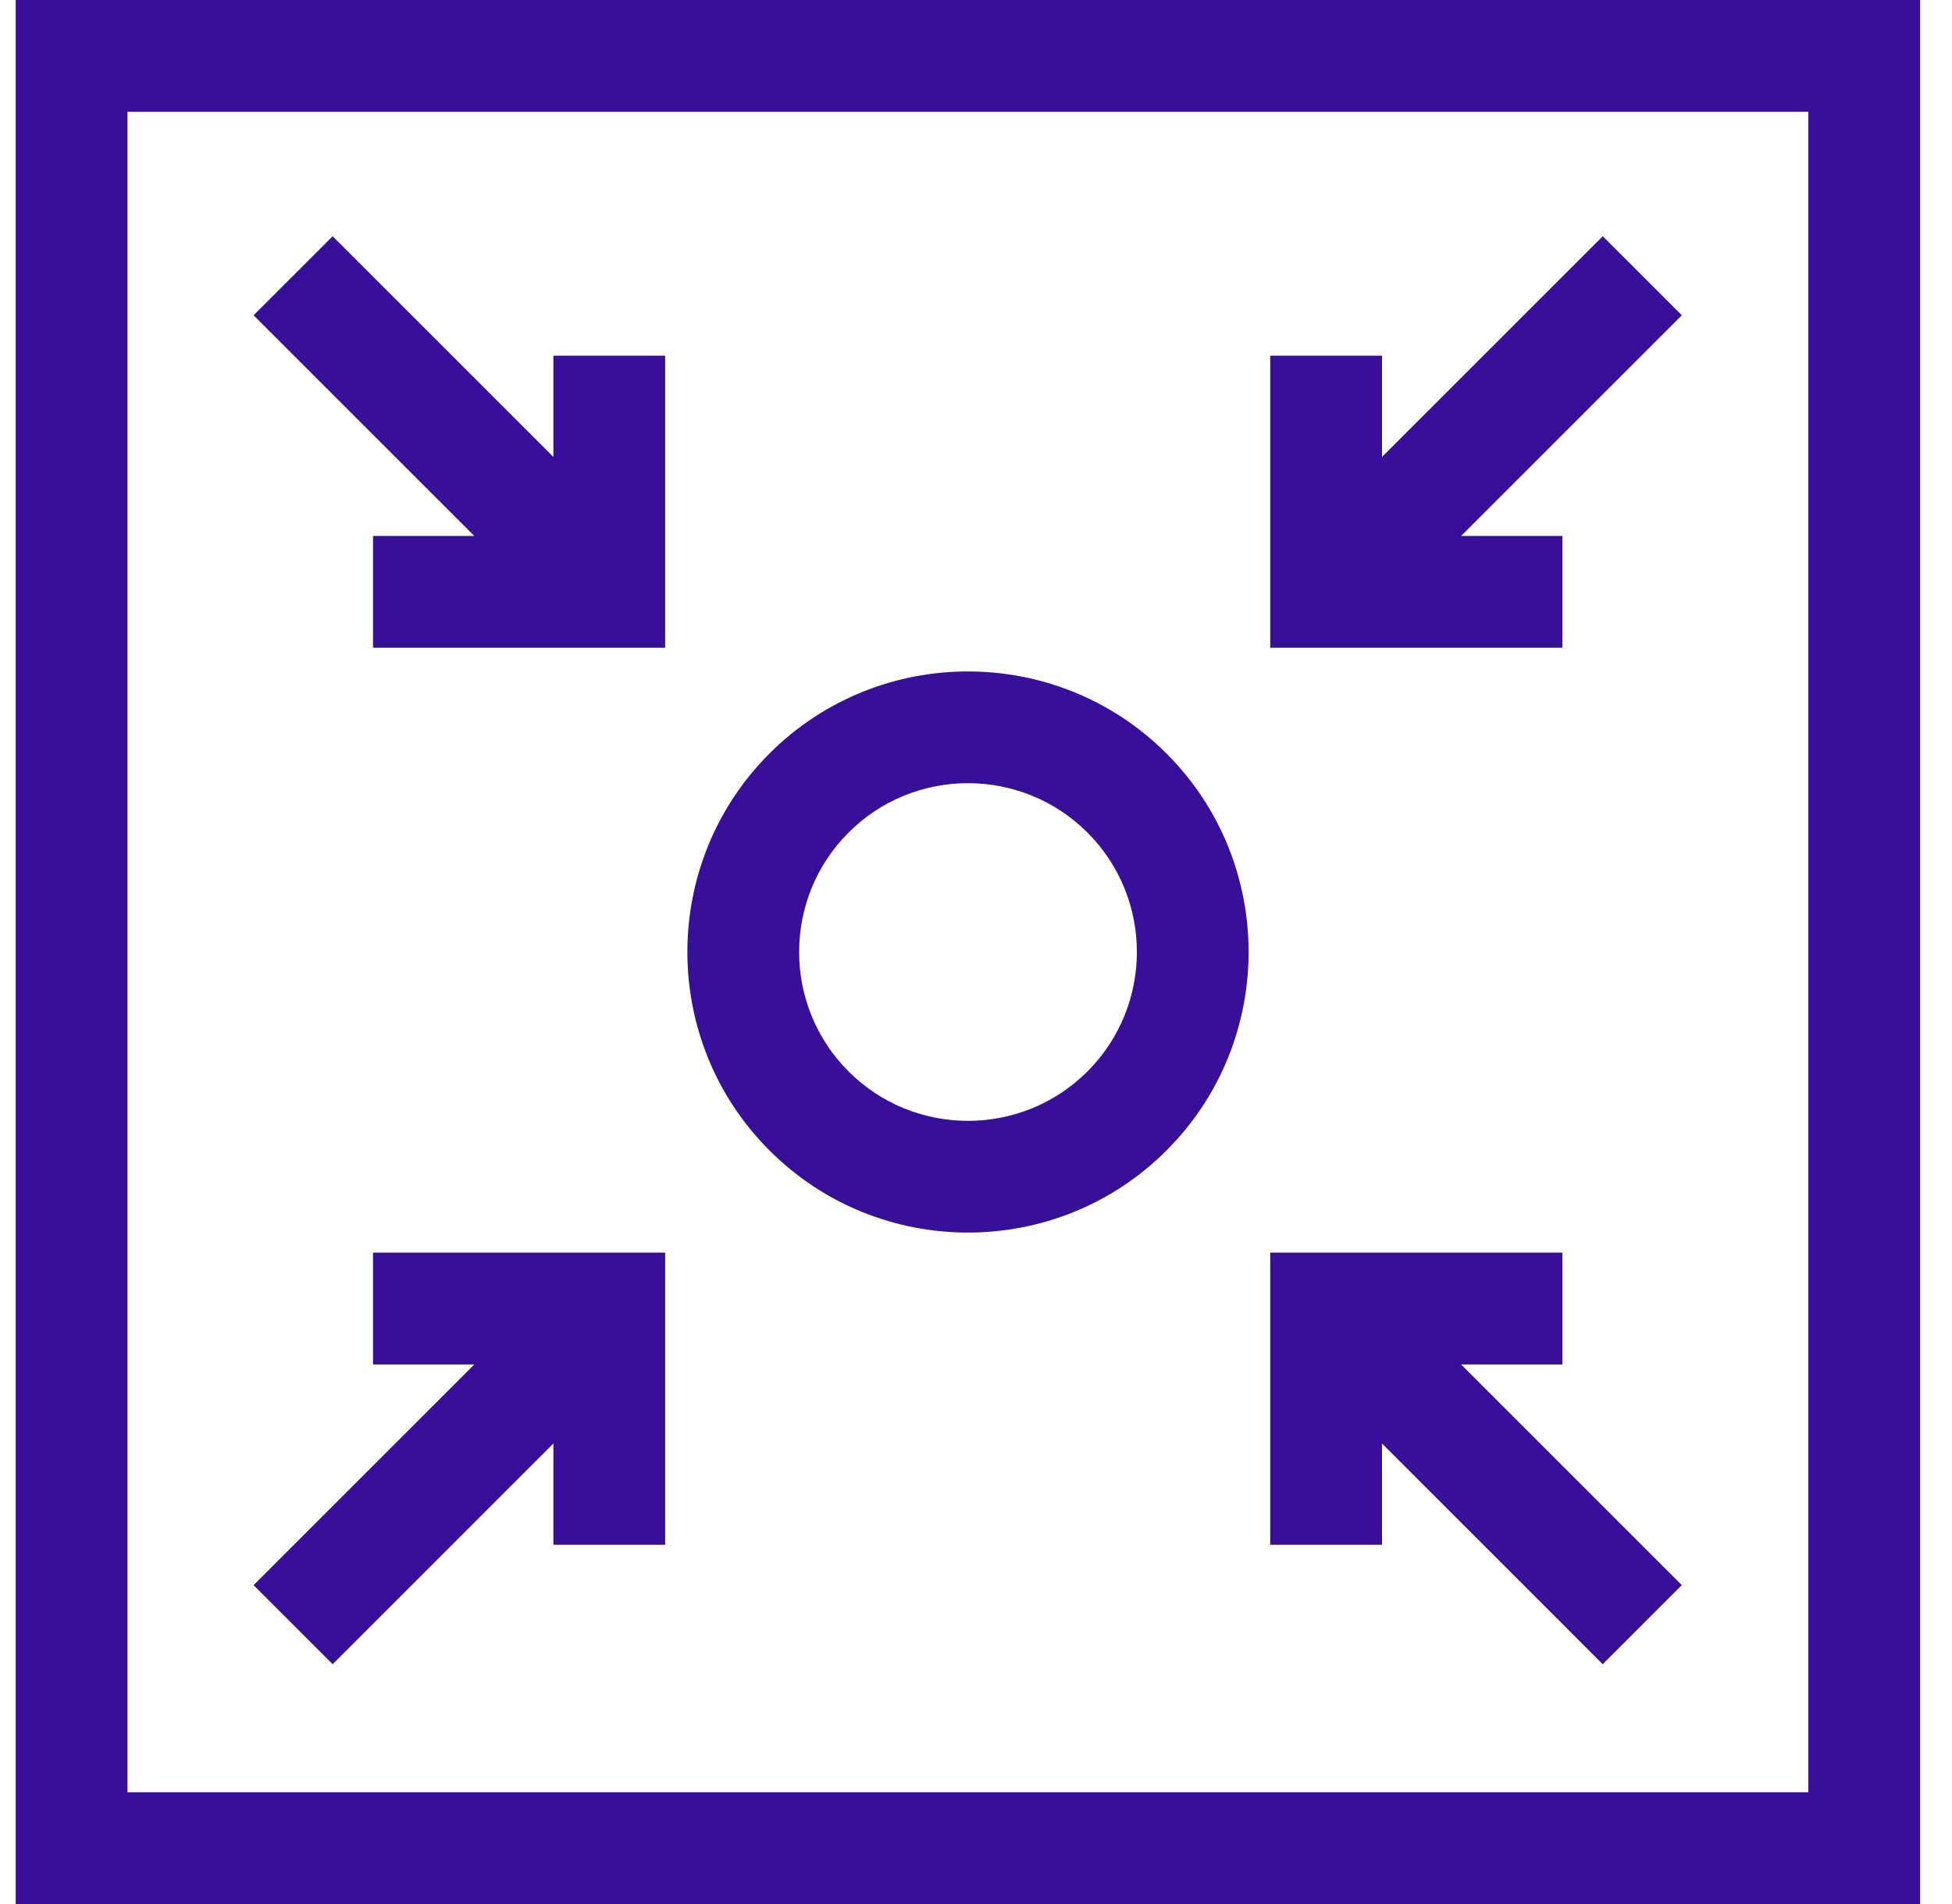 <svg width="41" height="40" viewBox="0 0 41 40" fill="none" xmlns="http://www.w3.org/2000/svg">
<g clip-path="url(#clip0_3341_14992)">
<path d="M35.325 6.623L33.664 4.963L29.028 9.599V7.472H26.68V13.608H32.816V11.259H30.689L35.325 6.623Z" fill="#380F99"/>
<path d="M7.835 26.316V28.665H9.962L5.326 33.301L6.987 34.962L11.623 30.325V32.452H13.971V26.316H7.835Z" fill="#380F99"/>
<path d="M30.689 28.665H32.816V26.316H26.68V32.452H29.028V30.325L33.664 34.962L35.325 33.301L30.689 28.665Z" fill="#380F99"/>
<path d="M11.623 7.472V9.599L6.987 4.963L5.326 6.623L9.962 11.259H7.835V13.608H13.971V7.472H11.623Z" fill="#380F99"/>
<path d="M24.501 15.83C22.202 13.531 18.461 13.531 16.162 15.83C13.863 18.129 13.863 21.87 16.162 24.169C17.312 25.319 18.822 25.894 20.332 25.894C21.842 25.894 23.352 25.319 24.501 24.169C26.801 21.87 26.801 18.129 24.501 15.83ZM22.841 22.509C21.457 23.893 19.206 23.893 17.823 22.509C16.439 21.125 16.439 18.874 17.823 17.491C18.514 16.799 19.423 16.453 20.332 16.453C21.24 16.453 22.149 16.799 22.841 17.491C24.225 18.874 24.225 21.125 22.841 22.509Z" fill="#380F99"/>
<path d="M0.33 0V40H40.33V0H0.33ZM37.982 37.652H2.678V2.348H37.982L37.982 37.652Z" fill="#380F99"/>
</g>
<defs>
<clipPath id="clip0_3341_14992">
<rect width="40" height="40" fill="white" transform="translate(0.33)"/>
</clipPath>
</defs>
</svg>

■ Work task
Every line above in which the word "clipPath" occurs needs to be copied.

■ Answer space
<clipPath id="clip0_3341_14992">
</clipPath>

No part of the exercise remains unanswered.